(Source data)

::::::::

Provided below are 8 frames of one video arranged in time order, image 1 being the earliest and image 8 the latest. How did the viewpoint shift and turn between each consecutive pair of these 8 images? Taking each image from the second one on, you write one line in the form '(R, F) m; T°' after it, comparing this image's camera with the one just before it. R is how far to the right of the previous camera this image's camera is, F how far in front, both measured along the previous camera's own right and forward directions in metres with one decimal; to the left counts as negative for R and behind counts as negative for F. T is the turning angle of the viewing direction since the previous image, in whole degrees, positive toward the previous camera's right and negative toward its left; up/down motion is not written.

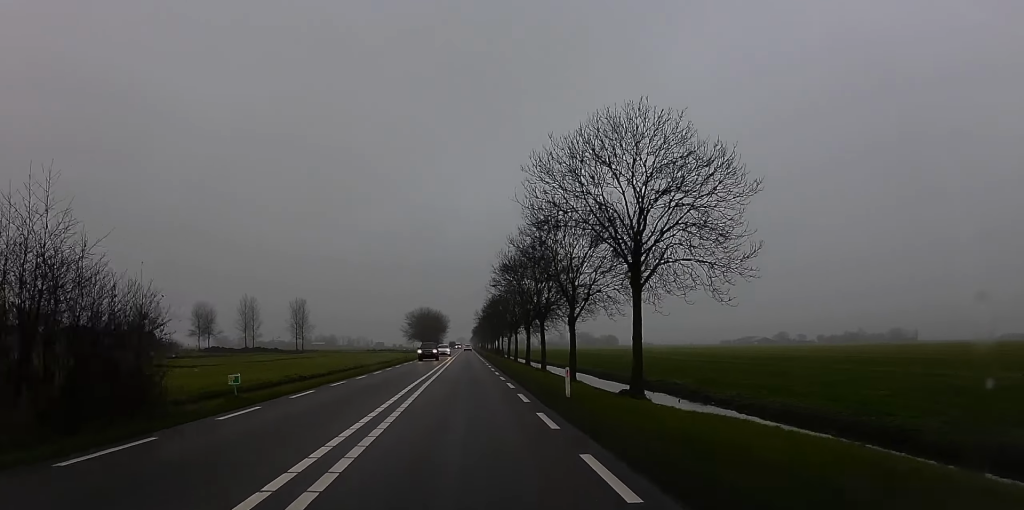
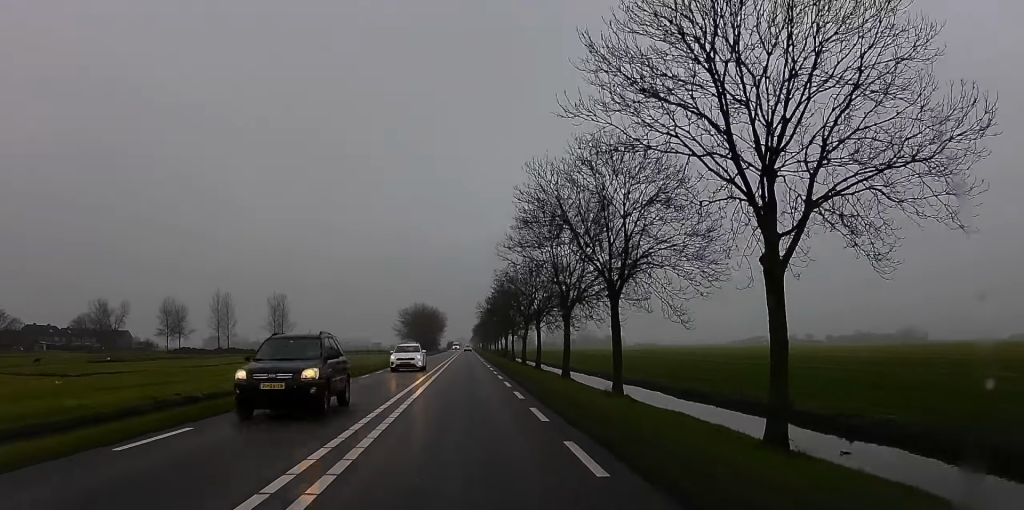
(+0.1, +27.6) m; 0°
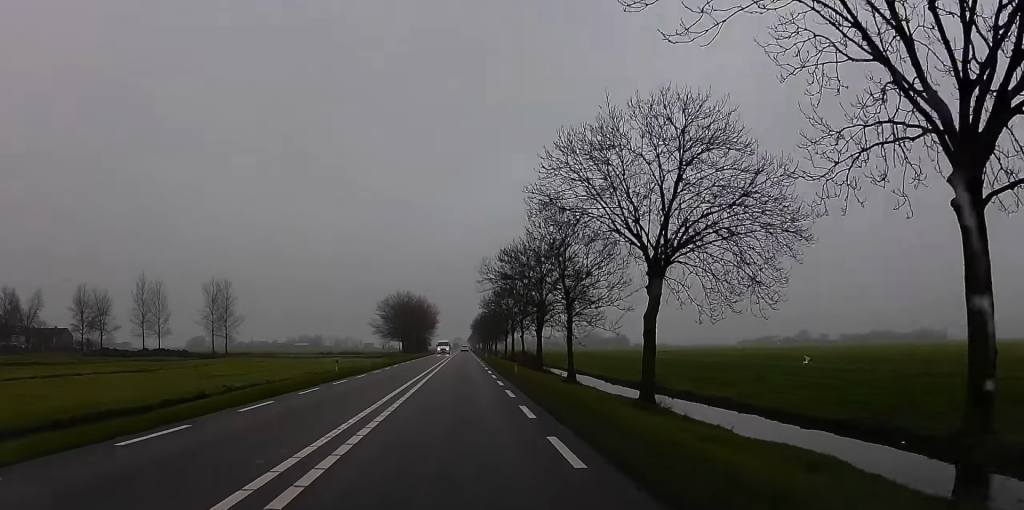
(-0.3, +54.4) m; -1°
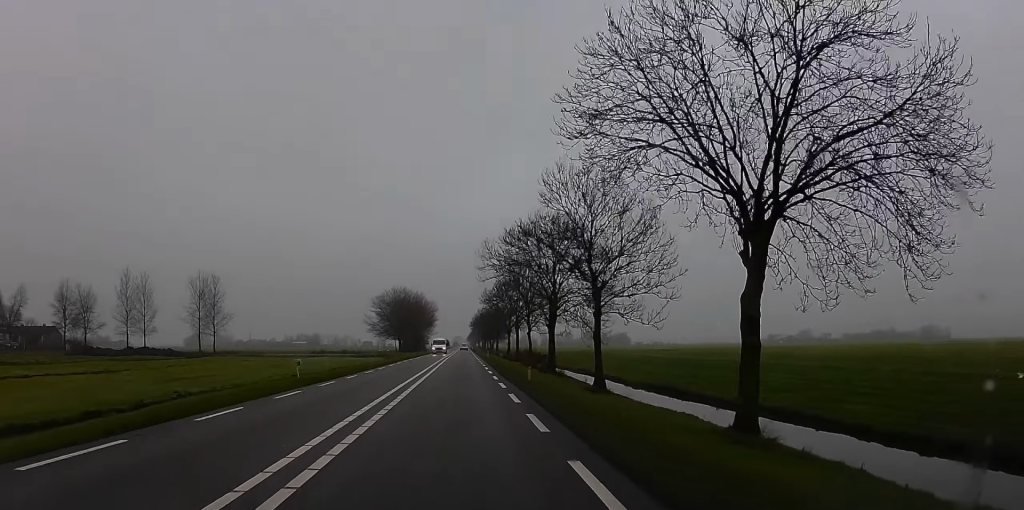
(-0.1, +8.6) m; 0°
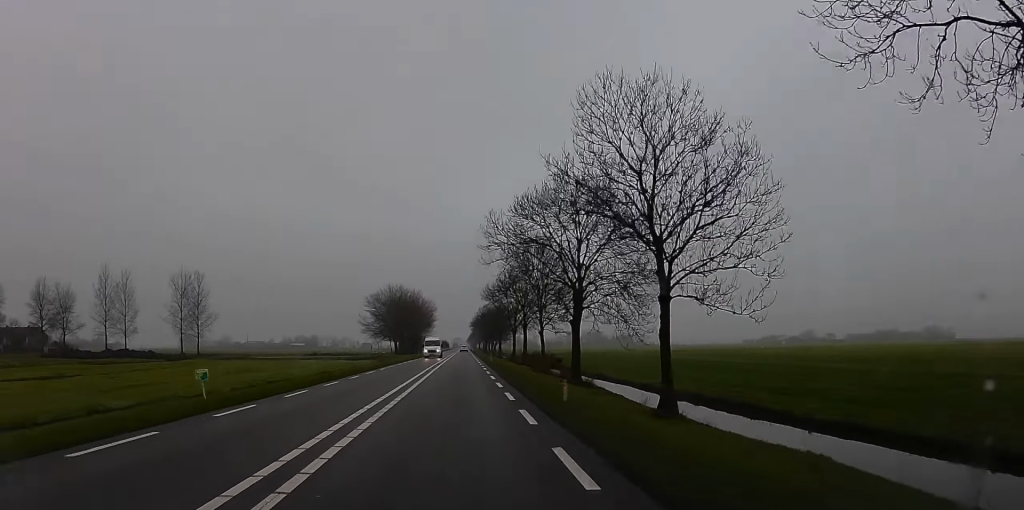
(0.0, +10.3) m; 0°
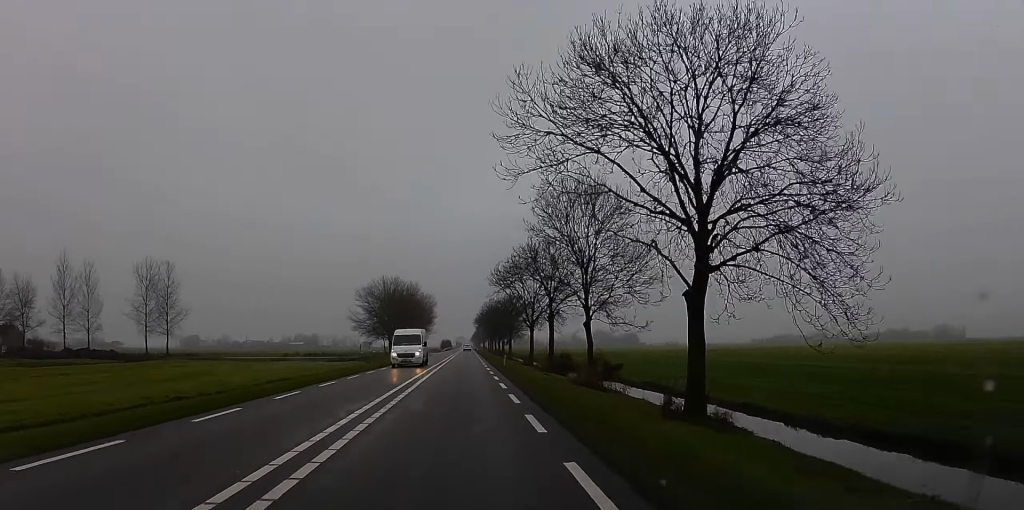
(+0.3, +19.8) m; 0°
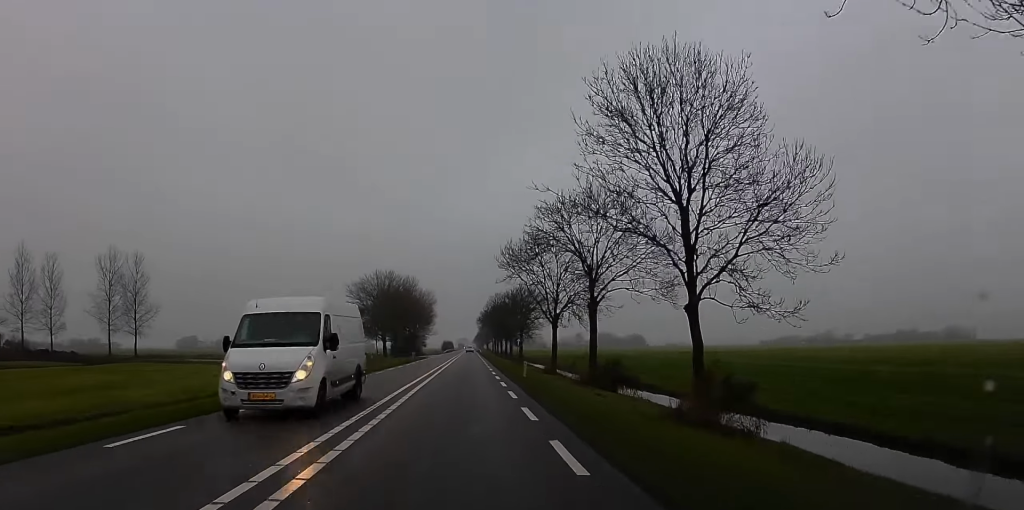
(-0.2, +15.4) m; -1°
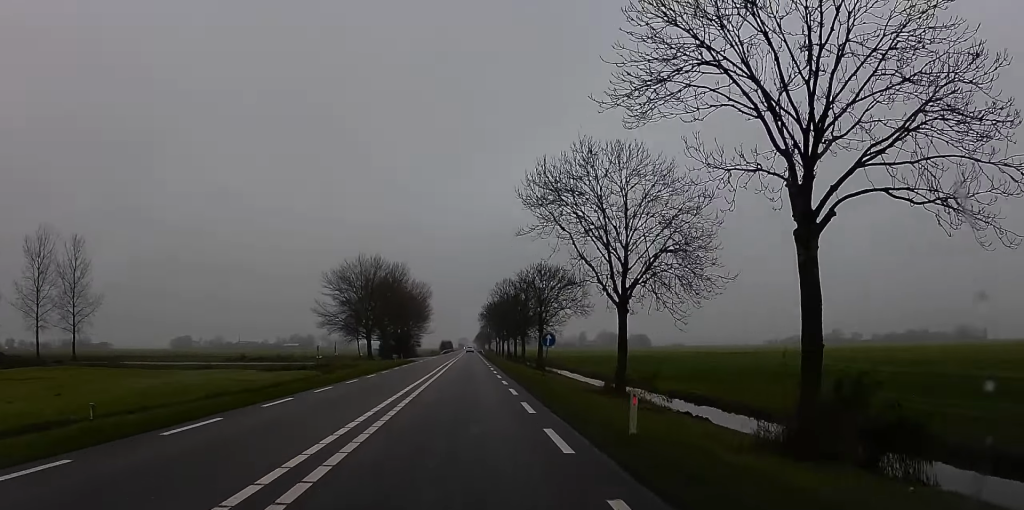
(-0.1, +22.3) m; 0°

::::::::

Could you return all of the entries above exactly, without any images?

Provided below are 8 frames of one video arranged in time order, image 1 being the earliest and image 8 the latest. How did the viewpoint shift and turn between each consecutive pair of these 8 images? Taking each image from the second one on, you write one line in the form '(R, F) m; T°' after it, comparing this image's camera with the one just before it. R is how far to the right of the previous camera this image's camera is, F how far in front, both measured along the previous camera's own right and forward directions in metres with one decimal; to the left counts as negative for R and behind counts as negative for F. T is the turning angle of the viewing direction since the previous image, in whole degrees, positive toward the previous camera's right and negative toward its left; up/down motion is not written.

(+0.1, +27.6) m; 0°
(-0.3, +54.4) m; -1°
(-0.1, +8.6) m; 0°
(0.0, +10.3) m; 0°
(+0.3, +19.8) m; 0°
(-0.2, +15.4) m; -1°
(-0.1, +22.3) m; 0°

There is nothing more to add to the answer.